# Task requirements
Take the records below and copy them exactly.

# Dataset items
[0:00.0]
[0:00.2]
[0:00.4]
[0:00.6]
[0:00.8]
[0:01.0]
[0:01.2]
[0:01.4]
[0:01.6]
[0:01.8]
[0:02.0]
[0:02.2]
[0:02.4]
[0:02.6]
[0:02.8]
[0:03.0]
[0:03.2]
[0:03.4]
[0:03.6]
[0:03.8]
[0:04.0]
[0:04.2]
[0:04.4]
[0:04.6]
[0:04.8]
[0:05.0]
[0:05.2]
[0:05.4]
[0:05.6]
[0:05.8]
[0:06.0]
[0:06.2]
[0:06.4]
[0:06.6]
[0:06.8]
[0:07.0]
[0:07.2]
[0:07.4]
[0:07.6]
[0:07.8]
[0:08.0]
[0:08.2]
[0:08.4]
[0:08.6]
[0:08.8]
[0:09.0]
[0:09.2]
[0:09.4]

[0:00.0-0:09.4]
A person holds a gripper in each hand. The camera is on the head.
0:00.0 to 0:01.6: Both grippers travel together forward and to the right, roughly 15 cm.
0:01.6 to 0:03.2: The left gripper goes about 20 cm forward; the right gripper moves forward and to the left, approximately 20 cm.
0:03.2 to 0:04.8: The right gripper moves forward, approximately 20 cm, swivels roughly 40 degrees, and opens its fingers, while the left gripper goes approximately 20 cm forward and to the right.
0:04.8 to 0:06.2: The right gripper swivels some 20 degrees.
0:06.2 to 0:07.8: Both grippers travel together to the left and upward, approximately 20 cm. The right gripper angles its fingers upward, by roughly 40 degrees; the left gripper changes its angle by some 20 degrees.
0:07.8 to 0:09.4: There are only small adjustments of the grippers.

# Exercise output
[0:00.0]
[0:00.2]
[0:00.4]
[0:00.6]
[0:00.8]
[0:01.0]
[0:01.2]
[0:01.4]
[0:01.6]
[0:01.8]
[0:02.0]
[0:02.2]
[0:02.4]
[0:02.6]
[0:02.8]
[0:03.0]
[0:03.2]
[0:03.4]
[0:03.6]
[0:03.8]
[0:04.0]
[0:04.2]
[0:04.4]
[0:04.6]
[0:04.8]
[0:05.0]
[0:05.2]
[0:05.4]
[0:05.6]
[0:05.8]
[0:06.0]
[0:06.2]
[0:06.4]
[0:06.6]
[0:06.8]
[0:07.0]
[0:07.2]
[0:07.4]
[0:07.6]
[0:07.8]
[0:08.0]
[0:08.2]
[0:08.4]
[0:08.6]
[0:08.8]
[0:09.0]
[0:09.2]
[0:09.4]

[0:00.0-0:09.4]
A person holds a gripper in each hand. The camera is on the head.
0:00.0 to 0:01.6: Both grippers travel together forward and to the right, roughly 15 cm.
0:01.6 to 0:03.2: The left gripper goes about 20 cm forward; the right gripper moves forward and to the left, approximately 20 cm.
0:03.2 to 0:04.8: The right gripper moves forward, approximately 20 cm, swivels roughly 40 degrees, and opens its fingers, while the left gripper goes approximately 20 cm forward and to the right.
0:04.8 to 0:06.2: The right gripper swivels some 20 degrees.
0:06.2 to 0:07.8: Both grippers travel together to the left and upward, approximately 20 cm. The right gripper angles its fingers upward, by roughly 40 degrees; the left gripper changes its angle by some 20 degrees.
0:07.8 to 0:09.4: There are only small adjustments of the grippers.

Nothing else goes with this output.